I am definitely leaning towards Ian's interpretation; the keys are not "weak" in any way, they're just keys, if they contain pointers they are references to them. The only difference from a regular map is that, if the values are pointers, they don't count as references, but if the thing they point to gets GCd, the key/value pair is deleted from the map when that happens.

So, a concrete example of utility: Interning strings. You want to have a lot of objects which should contain a string, but you don't want to have multiple different allocations for the same string, and you want comparisons of them for sameness to be cheap. So...

type Intern string
var interned weak map[string]*Intern
var internMu sync.Mutex

// intern a string:
func intern(k string) *Intern {
  internMu.Lock()
  defer internMu.Unlock()
  if i, ok := interned[k]; ok { return i }
  internMe := Intern(k)
  interned[k] = &internMe
  return internMe
}

The result of calling intern(foo) for any given string is a *Intern, with the convenient guarantee that anyone else who interned the same string got, not just a pointer to an equal Intern, but exactly the same pointer. You can use these as map keys, for instance, and get single-word compares instead of string comparisons.
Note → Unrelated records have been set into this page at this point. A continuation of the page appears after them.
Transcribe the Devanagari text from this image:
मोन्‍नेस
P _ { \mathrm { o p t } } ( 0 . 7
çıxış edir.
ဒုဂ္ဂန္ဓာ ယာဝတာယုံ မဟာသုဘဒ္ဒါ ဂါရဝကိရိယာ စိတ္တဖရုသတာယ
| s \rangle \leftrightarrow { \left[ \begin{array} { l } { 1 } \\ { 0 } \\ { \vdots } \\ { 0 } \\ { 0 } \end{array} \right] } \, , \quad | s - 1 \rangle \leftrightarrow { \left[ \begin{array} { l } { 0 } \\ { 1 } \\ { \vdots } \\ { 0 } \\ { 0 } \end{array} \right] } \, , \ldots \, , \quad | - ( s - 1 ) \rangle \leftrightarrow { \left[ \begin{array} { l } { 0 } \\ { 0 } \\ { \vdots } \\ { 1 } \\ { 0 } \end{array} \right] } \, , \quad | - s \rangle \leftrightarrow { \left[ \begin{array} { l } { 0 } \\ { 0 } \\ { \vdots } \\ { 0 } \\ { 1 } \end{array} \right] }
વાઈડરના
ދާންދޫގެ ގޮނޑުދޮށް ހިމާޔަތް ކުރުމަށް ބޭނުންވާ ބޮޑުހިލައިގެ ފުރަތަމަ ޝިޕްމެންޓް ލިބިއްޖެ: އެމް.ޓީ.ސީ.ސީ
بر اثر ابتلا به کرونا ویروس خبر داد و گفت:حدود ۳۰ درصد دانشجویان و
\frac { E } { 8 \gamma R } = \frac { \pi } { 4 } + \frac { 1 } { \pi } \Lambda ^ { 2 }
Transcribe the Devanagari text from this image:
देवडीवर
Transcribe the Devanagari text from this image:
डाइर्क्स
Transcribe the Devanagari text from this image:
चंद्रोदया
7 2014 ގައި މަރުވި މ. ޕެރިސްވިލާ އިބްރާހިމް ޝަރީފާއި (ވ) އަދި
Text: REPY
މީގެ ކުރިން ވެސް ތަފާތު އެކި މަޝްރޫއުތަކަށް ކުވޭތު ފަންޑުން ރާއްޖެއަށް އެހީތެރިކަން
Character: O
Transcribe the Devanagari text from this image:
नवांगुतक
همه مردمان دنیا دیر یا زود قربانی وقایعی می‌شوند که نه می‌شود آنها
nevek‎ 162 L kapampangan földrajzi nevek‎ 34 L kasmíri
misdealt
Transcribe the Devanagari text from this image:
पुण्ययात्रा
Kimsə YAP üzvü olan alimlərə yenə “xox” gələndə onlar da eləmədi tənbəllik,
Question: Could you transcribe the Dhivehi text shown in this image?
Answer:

If you have a million objects that were created using slices of different strings, and all the slices compared equal, you have a single string that all of them intern to, and the things those were sliced out of aren't being pinned. So you get much better performance than you would using the original string object(s).

So why not just use a normal map? Because if the set of strings is largeish, and changes over time, and sometimes a string will stop being used, a non-weak map[string]*Intern will eventually grow without bound. You can't safely remove anything from it because you can't prove that nothing's still using that value, and having two different *Intern that actually refer to identical strings would break using them as map keys, etcetera.
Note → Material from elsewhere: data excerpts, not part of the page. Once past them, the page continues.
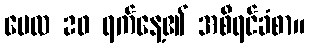
မေလ 20 ရက်နေ့၏ အစီရင်ခံစာ။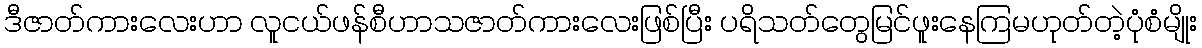
ဒီဇာတ်ကားလေးဟာ လူငယ်ဖန်စီဟာသဇာတ်ကားလေးဖြစ်ပြီး ပရိသတ်တွေမြင်ဖူးနေကြမဟုတ်တဲ့ပုံစံမျိုး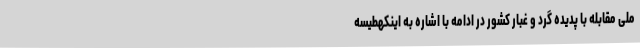
ملی مقابله با پدیده گرد و غبار کشور در ادامه با اشاره به اینکهطیسه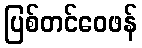
ပြစ်တင်ဝေဖန်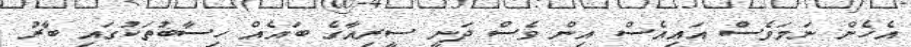
އެހެން ނަމަވެސް އައިއެސް އިން ވެސް ދަނީ ސީރިއާގެ ބައެއް ހިސާބުތަކުގައި ބާރު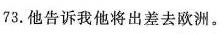
73.他告诉我他将出差去欧洲。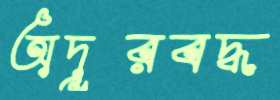
অদূরবদ্ধ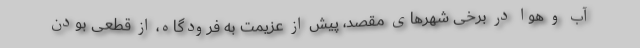
آب و هوا در برخی شهرهای مقصد، پیش از عزیمت به فرودگاه، از قطعی بودن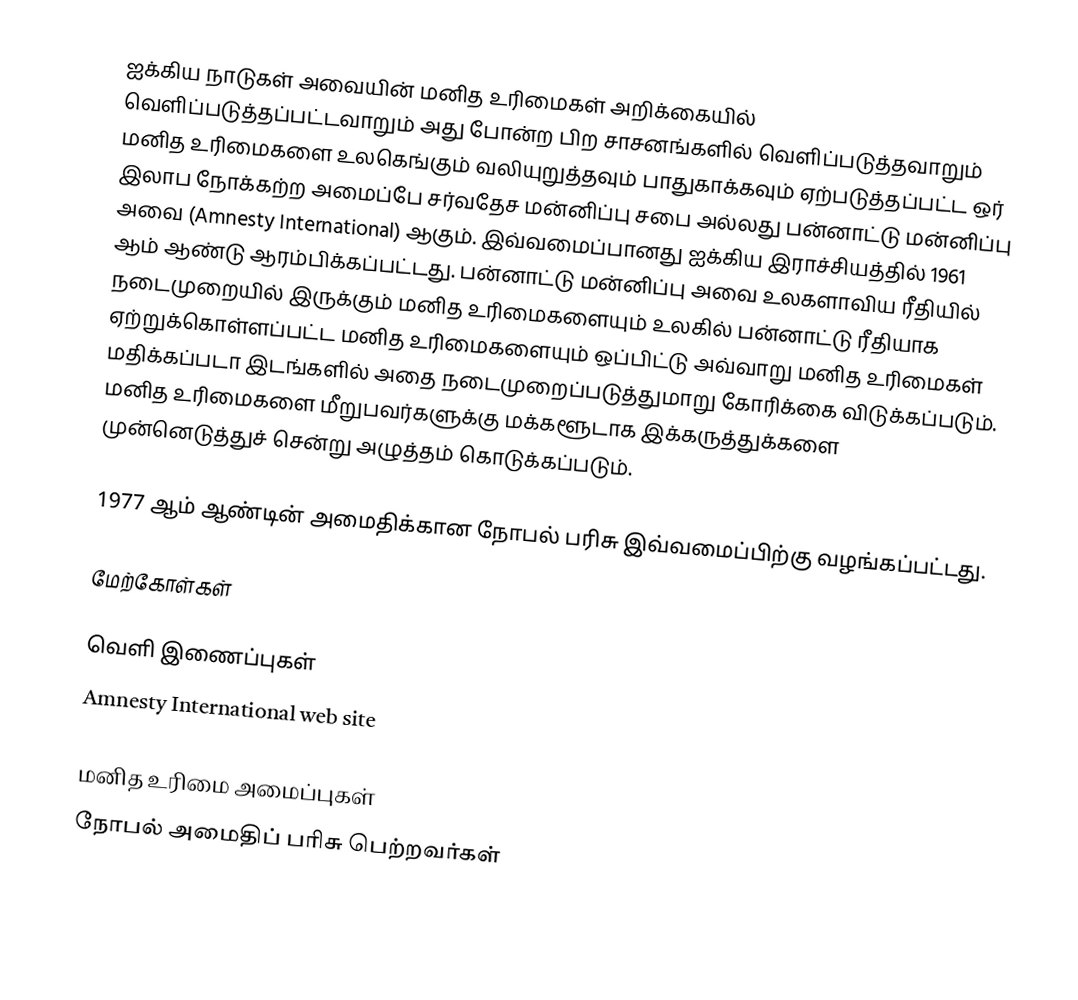
ஐக்கிய நாடுகள் அவையின் மனித உரிமைகள் அறிக்கையில் வெளிப்படுத்தப்பட்டவாறும் அது போன்ற பிற சாசனங்களில் வெளிப்படுத்தவாறும் மனித உரிமைகளை உலகெங்கும் வலியுறுத்தவும் பாதுகாக்கவும் ஏற்படுத்தப்பட்ட ஒர் இலாப நோக்கற்ற அமைப்பே சர்வதேச மன்னிப்பு சபை அல்லது பன்னாட்டு மன்னிப்பு அவை (Amnesty International) ஆகும். இவ்வமைப்பானது ஐக்கிய இராச்சியத்தில் 1961 ஆம் ஆண்டு ஆரம்பிக்கப்பட்டது. பன்னாட்டு மன்னிப்பு அவை உலகளாவிய ரீதியில் நடைமுறையில் இருக்கும் மனித உரிமைகளையும் உலகில் பன்னாட்டு ரீதியாக ஏற்றுக்கொள்ளப்பட்ட மனித உரிமைகளையும் ஒப்பிட்டு அவ்வாறு மனித உரிமைகள் மதிக்கப்படா இடங்களில் அதை நடைமுறைப்படுத்துமாறு கோரிக்கை விடுக்கப்படும். மனித உரிமைகளை மீறுபவர்களுக்கு மக்களூடாக இக்கருத்துக்களை முன்னெடுத்துச் சென்று அழுத்தம் கொடுக்கப்படும்.

1977 ஆம் ஆண்டின் அமைதிக்கான நோபல் பரிசு இவ்வமைப்பிற்கு வழங்கப்பட்டது.

மேற்கோள்கள்

வெளி இணைப்புகள்
 Amnesty International web site

மனித உரிமை அமைப்புகள்
நோபல் அமைதிப் பரிசு பெற்றவர்கள்

With the weak map, you can discard any values that are no longer referenced anywhere, and you still have the guarantee that no two users who try to intern the same string will ever see different interned values.

This can also be used for some kinds of caching. For instance, say you were doing a naive cache of fetched URLs. If you do it as weak map[url]*body, then if you fetch a URL, and dump it in the map, another fetch while that body is still around can just grab the copy in the weak-reference map, avoiding re-fetching the body that you already have, but if no one is using the body, it can be dropped silently from the cache. (I am aware that this wouldn't be a great choice for a lot of use cases, for a number of reasons. The first hard problem is called cache invalidation.)

So basically, the use case is: (1) it would make sense to have a map with these things as values, (2) we definitely don't want to throw them away if anyone's using them (3) it's fine to throw them away if no one's using them (4) it would be annoying to try to track who might be using them.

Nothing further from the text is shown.